Алексей сидел за накрытым столом в горнице у Лукерьи и попивал душистый, на лесных травах чай. Тут же прихлебывал из чашечки румяный от сытного ужина Яков Степаныч.
— А куда Илья Петрович задевался? — спросил он, оглядываясь (будто Туманов мог спрятаться под кроватью или в сундуке).
— Обустройство раненых проверяет, — откусив кусок сладкого пирога, прошамкал Алексей.
— Так мы уж все проверили. Там Маланья сейчас вашего офицера травами отпаивает. В госпиталь здоровеньким приедет.
— Спасибо ей, и вам.
— Пустое. Вы, главное, воюйте, как следует, а мы тут завсегда поможем.
За окном послышались твердые командирские шаги… Вопреки ожиданиям, на пороге появился не Туманов, а цветущий, как юный одуванчик, Прохор.
— Ваш бродь, дозвольте вас на пару слов.
Алексей, извинившись перед Атаманом, вышел во двор.
— Что приключилось?
— Ваш бродь, у меня деликатный вопрос, если, конечно, не возразите.
— Что за реверансы, говори прямодушно.
— Благодарю. Так вот, Маришка моя справляется, не желали бы вы встретиться с Настей, вроде как, та интерес проявляет.
— Увы. Передай, что разборчивые девицы меня решительным образом не привлекают.
— Есть. Так и донесу, — с готовностью кивнул Прохор, собравшись уходить.
— Постой-ка. А где Илья Петрович? Иль тоже не располагаешь?

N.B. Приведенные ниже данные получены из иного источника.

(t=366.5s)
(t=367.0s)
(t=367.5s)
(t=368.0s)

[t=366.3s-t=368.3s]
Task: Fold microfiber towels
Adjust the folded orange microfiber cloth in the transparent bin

— Да как же. Я всегда знаю, где он, а он — где я. У нас так заведено.
— И где же?
— Кхм, кхм. В рощице у Терека.
— Решился таки дубок сломить?
— Не знаю, дубок ли — с Надеждой они там.
— Вот так новость?! А отчего, не в хате?
— Раненый у ней — неловко.
Маришка, получив от Прошки безутешные вести, незамедлительно помчалась к подруге. Та уж стояла на крыльце нарядно одетая, уверенная в предстоящем свидании.

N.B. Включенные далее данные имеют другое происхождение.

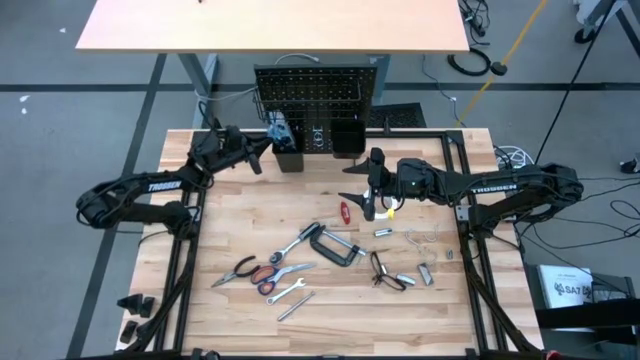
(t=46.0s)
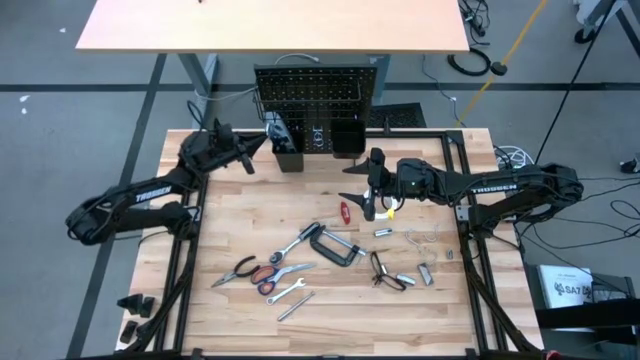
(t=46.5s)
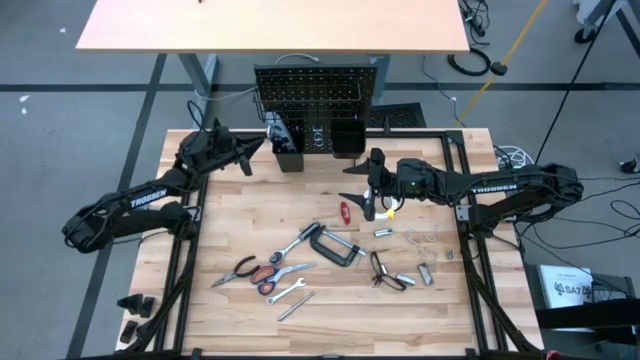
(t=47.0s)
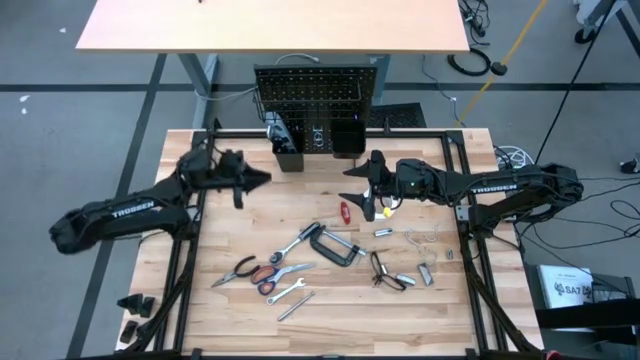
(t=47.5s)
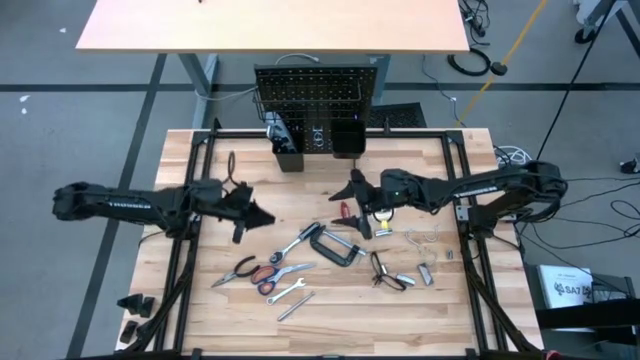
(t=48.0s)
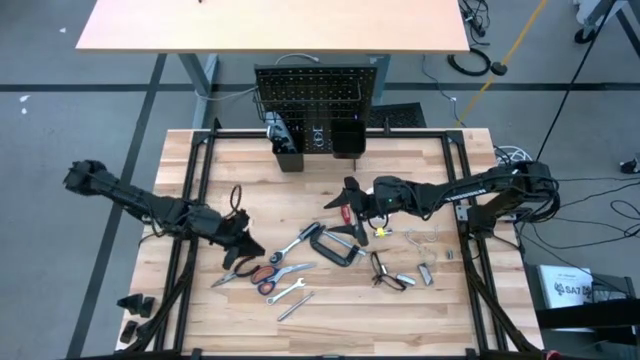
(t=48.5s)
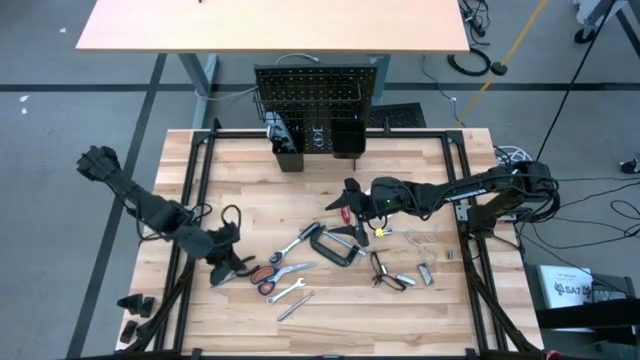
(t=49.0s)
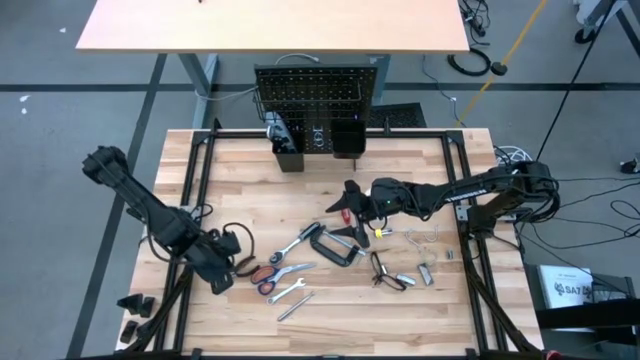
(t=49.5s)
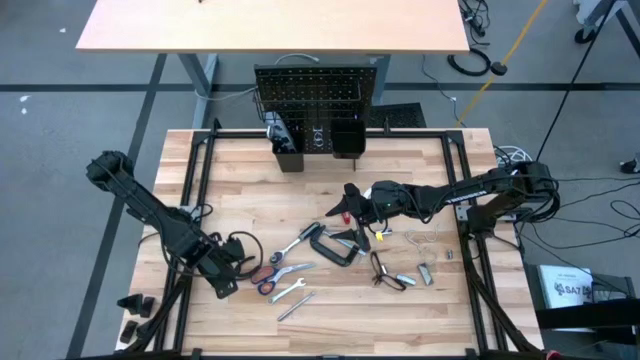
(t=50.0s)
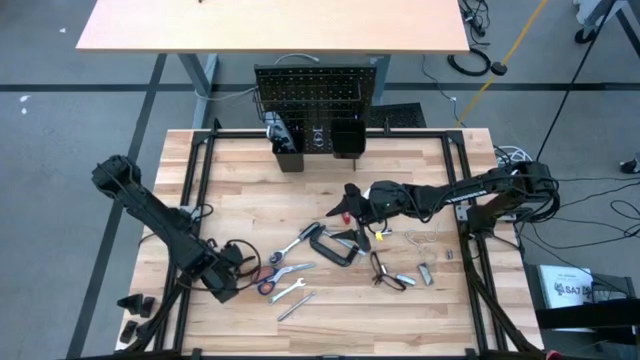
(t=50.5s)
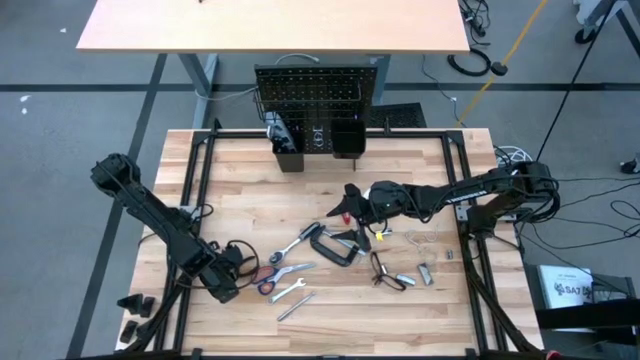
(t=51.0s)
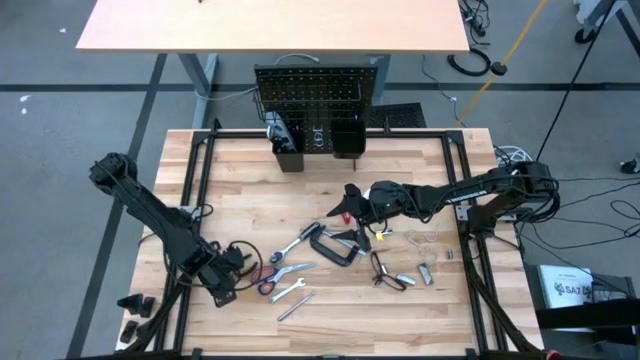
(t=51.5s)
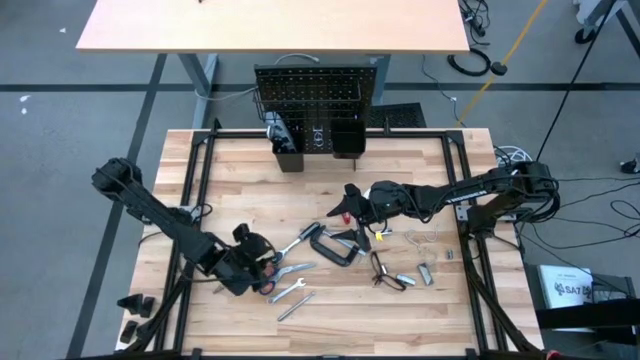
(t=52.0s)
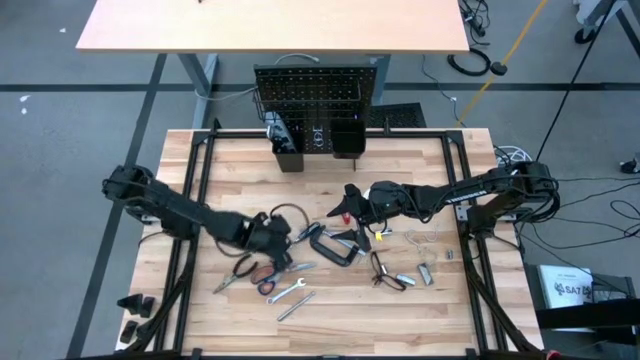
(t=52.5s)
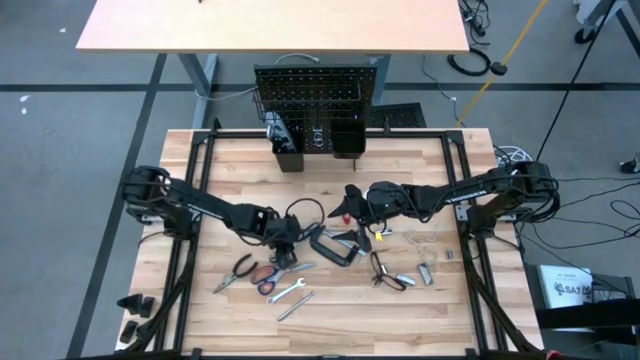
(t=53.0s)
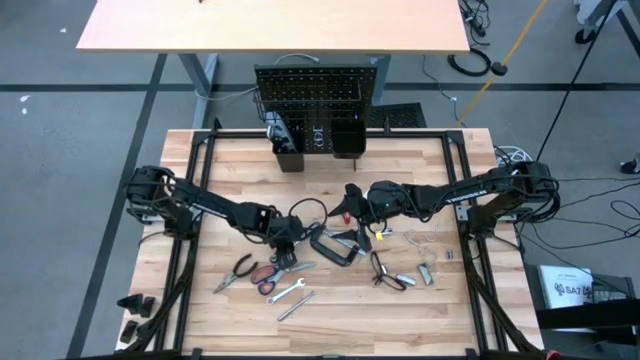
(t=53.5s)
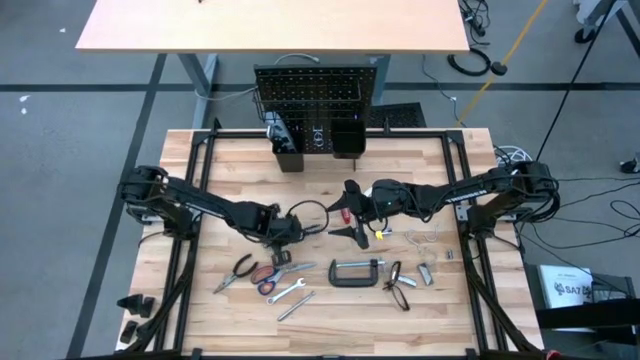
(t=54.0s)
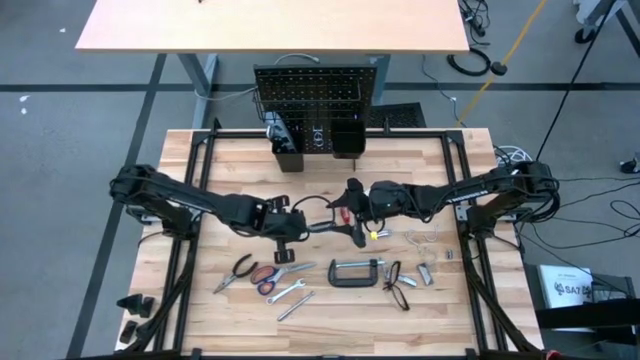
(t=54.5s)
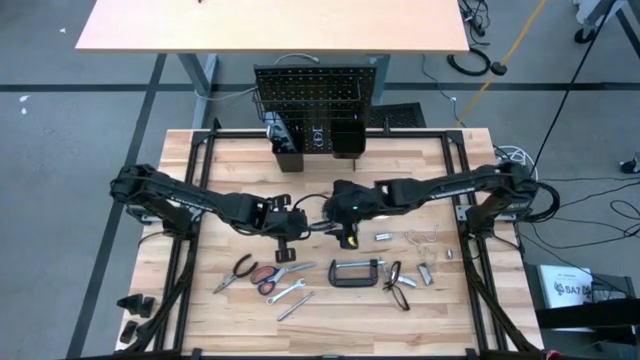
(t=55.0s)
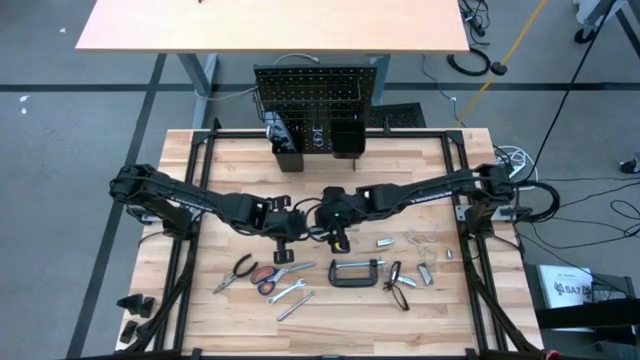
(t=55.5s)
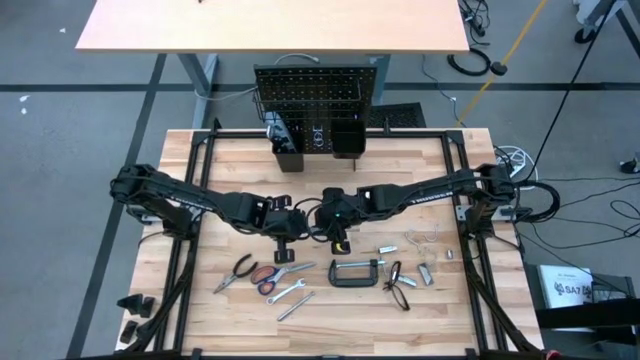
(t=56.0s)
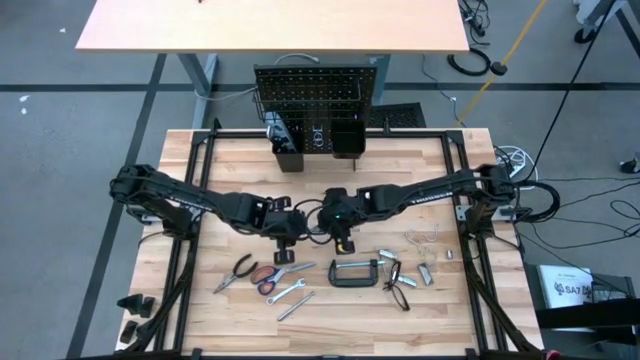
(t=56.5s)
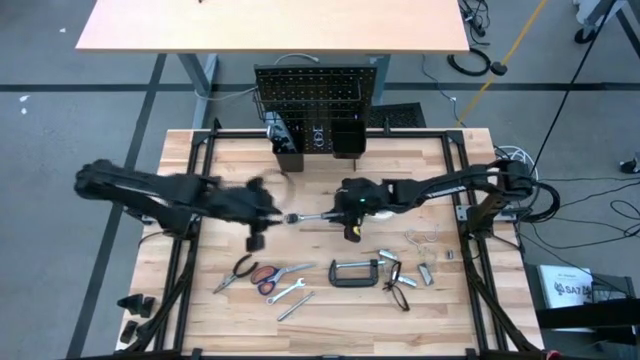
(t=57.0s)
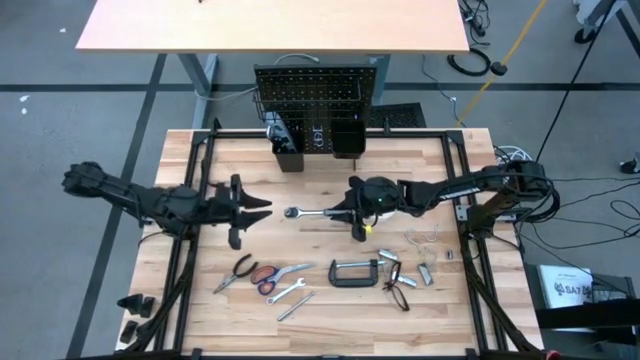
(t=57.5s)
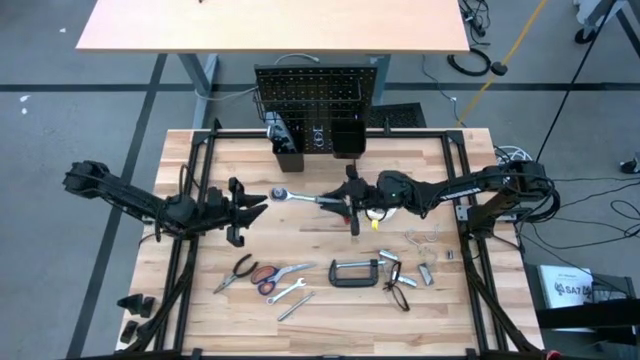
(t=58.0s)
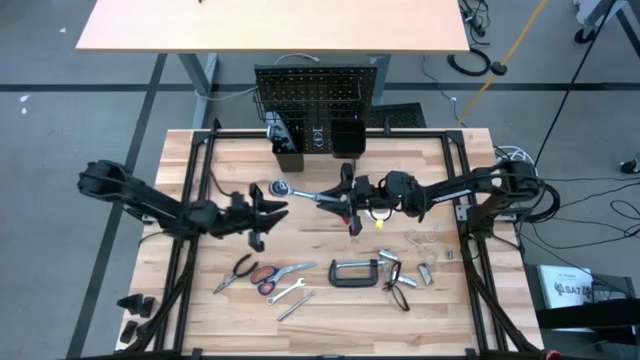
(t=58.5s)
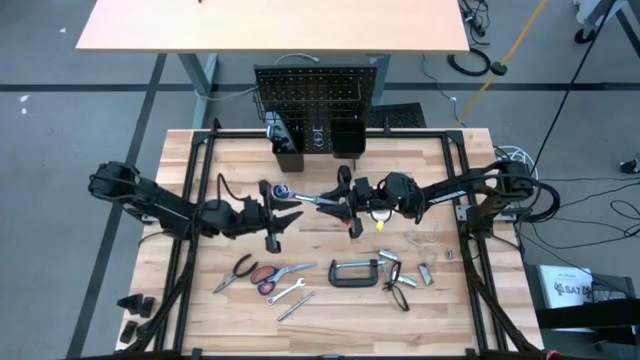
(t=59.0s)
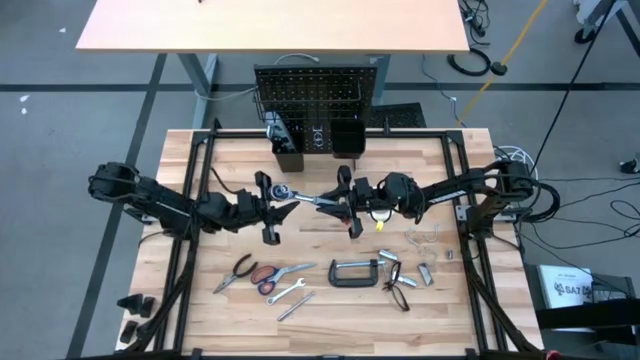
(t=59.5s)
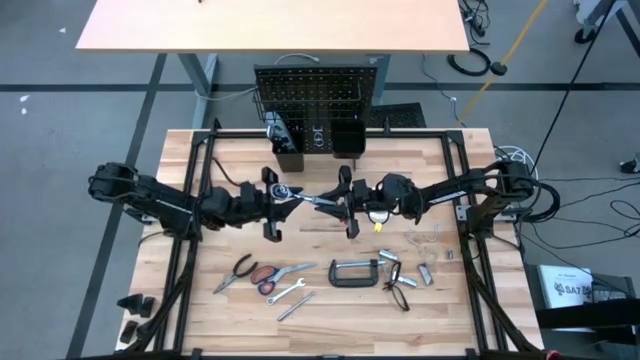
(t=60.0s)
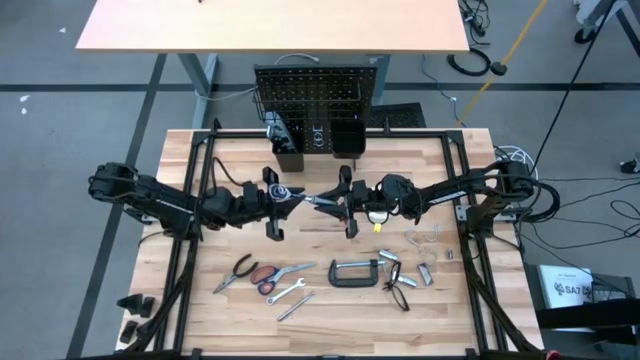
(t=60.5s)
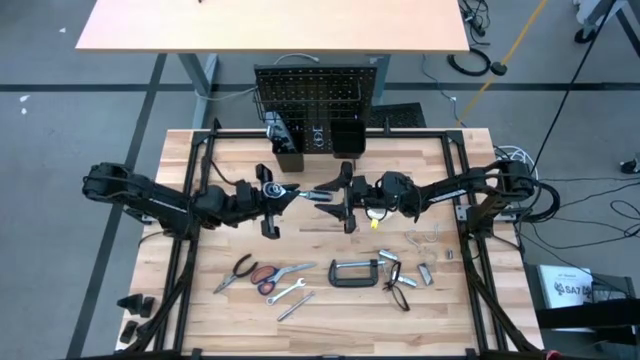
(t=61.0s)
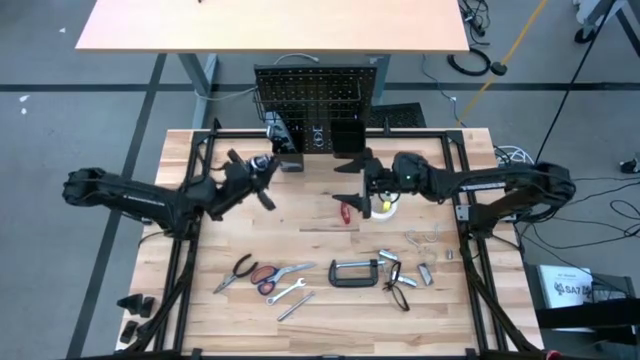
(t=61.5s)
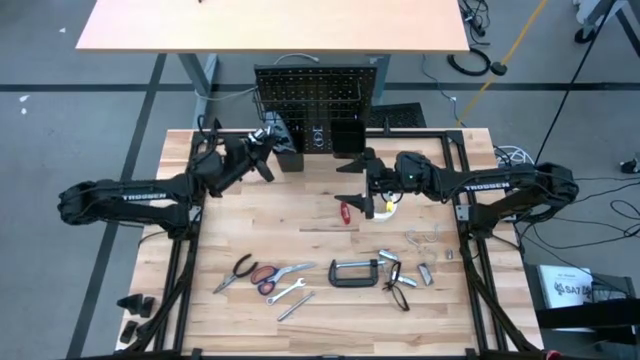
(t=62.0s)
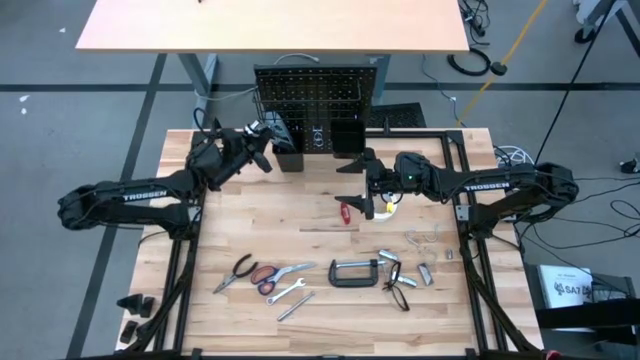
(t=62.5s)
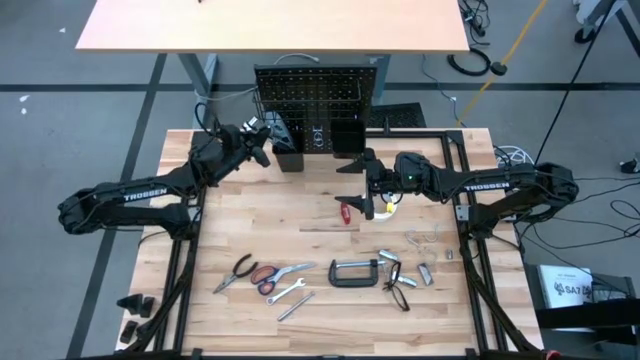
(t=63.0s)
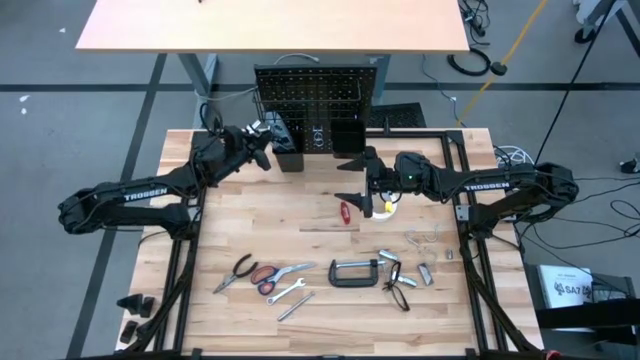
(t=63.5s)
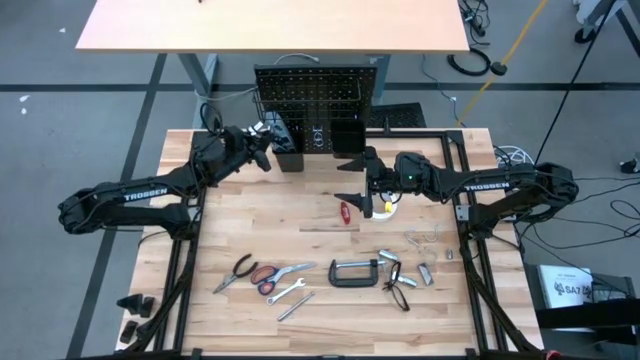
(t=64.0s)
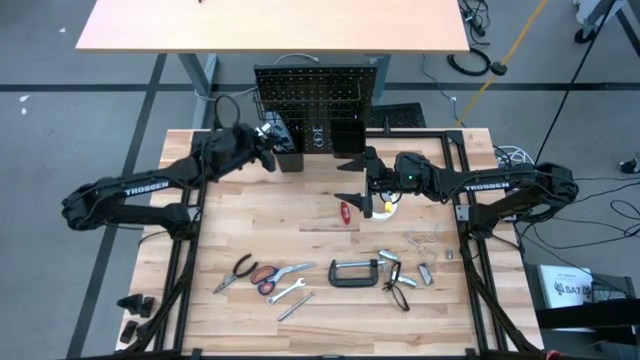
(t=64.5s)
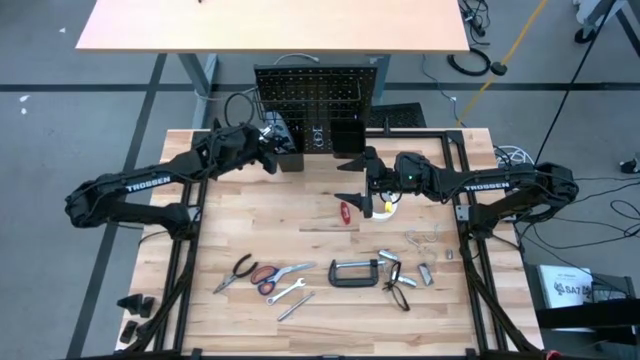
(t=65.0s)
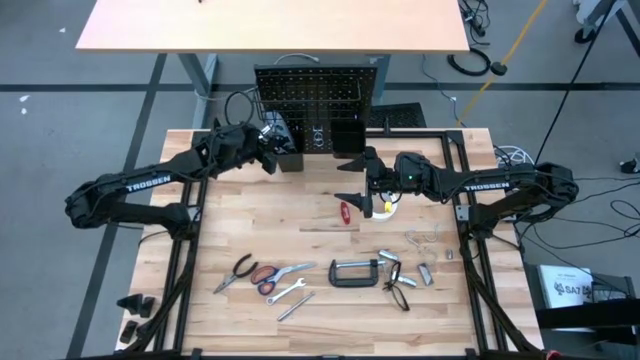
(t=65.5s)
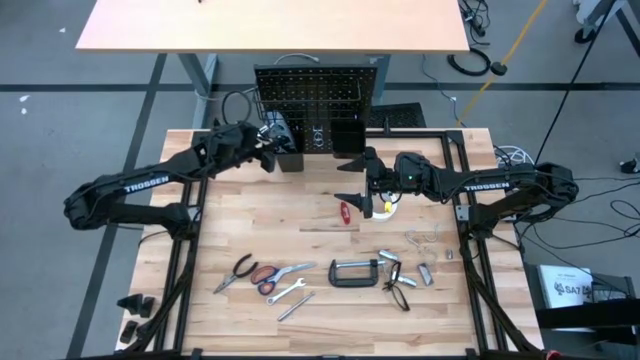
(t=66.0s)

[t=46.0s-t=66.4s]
Task: Hang tools onto peg board
Put the ratchet wrench on the left lower deck of the pegboard

— Зря старалась, не желает он с тобой дружиться.
— Как?! — зарделась Настя.
— А так. Не интересуюсь, говорит, разборчивыми девицами, к скромным, говорит, слабость имею.
— Так и сказал?
— В точности.
— Вот негодяй!
— Обидела голубка, теперь попробуй, подмани обратно.
— Была охота, мне орел нужен, а не голубок…
Алексей внимательно слушал рассказы атамана о местных обычаях, время от времени уточняя неясные моменты.
— Так чем, вы говорите, чеченцы от ногайцев отличаются?
— А чем кабардинцы от черкесов? — хитро прищурился Яков Степаныч.